Exhibit A may be the fact that Koegen and Fortin -- the two lead architects of the city's side of the deal -- concluded that the city should only pay $18 million for the garage. The city wound up agreeing to a $26 million price. (The developer wanted them to pay even more.) The city will try to portray this as proof that Koegen knew better but did little to stop the city from entering into a bad deal. Koegen's lawyer -- Seattle's Ralph Cromwell, who specializes in defending lawyers against malpractice -- will likely point out that Koegen merely issued his opinion, while city officials negotiated the final price. Koegen and Fortin have stated that they came to believe the garage could support a $26 million mortgage.
There were other things, too, like Koegen's advice that the city shouldn't purchase bond insurance -- which is costly, but certainly would have been useful in this case. And there was Koegen's elaborate plan to set up a layer of protection for the city by having a separate foundation purchase the garage instead of the city. Many believed that Koegen's foundation scheme wouldn't have withstood legal scrutiny, but we'll never know because the city bought out the bondholders before the issue of who really owned the garage was ever heard in court.
And a question has come up about how Koegen behaved when it became apparent, in the summer of 1999, that a default clause in the deal might be triggered over a dispute over parking plans between AMC Theaters and River Park Square. According to the deal, the foundation would not have to buy the garage if there were any defaults. More important, the negotiations to keep AMC in the mall required changing the parking plans; the city will argue that those changes made the garage's bankruptcy inevitable.
Apparently, Koegen did not inform his clients of these developments, including then-Mayor John Talbott. A basic definition of legal malpractice is keeping information from your clients, so the city will likely tell Richland jurors that the deal would have collapsed if their lawyer had informed them of what was happening.
But Perkins-Coie will likely counter that whether the foundation could have been persuaded to drop out of the deal is an open question -- and besides, AMC never defaulted.

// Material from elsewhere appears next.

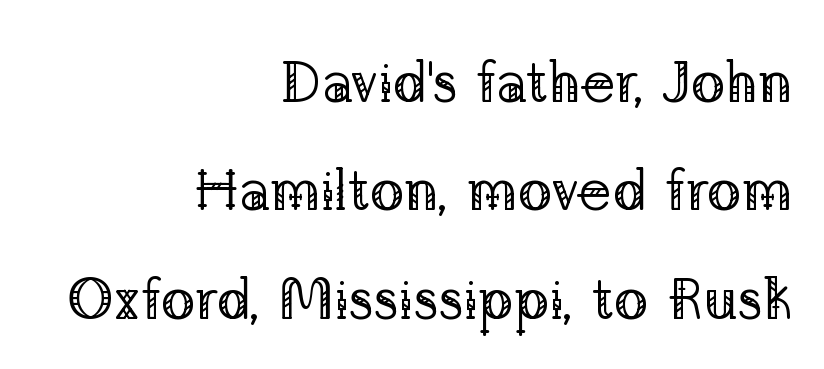
{"serif": "yes", "italic": "no", "bold": "no", "weight": "regular", "width": "normal", "stroke_contrast": "low", "x_height": "medium", "monospaced": "no", "underline": "no", "align": "right", "line_spacing_ratio": 1.87, "letter_spacing": "normal", "letter_spacing_em": 0.0, "glyph_px": 58}

But as has seemed evident all along in this federal case, it looks like it will all come down to the Official Statement. That key document was created by a working group made up of Prudential Securities, the law firm of Foster, Pepper and Shefelman (which has since settled with the city) and Roy Koegen. It was shoddy work, the city's special counsel Laurel Siddoway will argue, and the failure of the city's own lawyer to adequately spell out the risks -- risks he was fully aware of -- brought financial ruin on poor little Spokane. Perkins-Coie will argue that it was a solid OS with plenty of disclosure and that the city and others liked the deal plenty back in 1997.
When the garage deal is boiled down to something called the OS, all the human drama and civic emotion that has characterized the saga seems to be strained out of it. So it falls to the lawyers to engage the jury -- over five weeks starting April 21 -- on all the esoterics of municipal finance, securities law and parking validation systems. In the end, someone will win this fight: Roy Koegen may preserve his good name, or the city of Spokane may make a bad deal seem not quite so bad.
But any victory celebration will be short-lived: Appeals could keep this issue on life support for some time.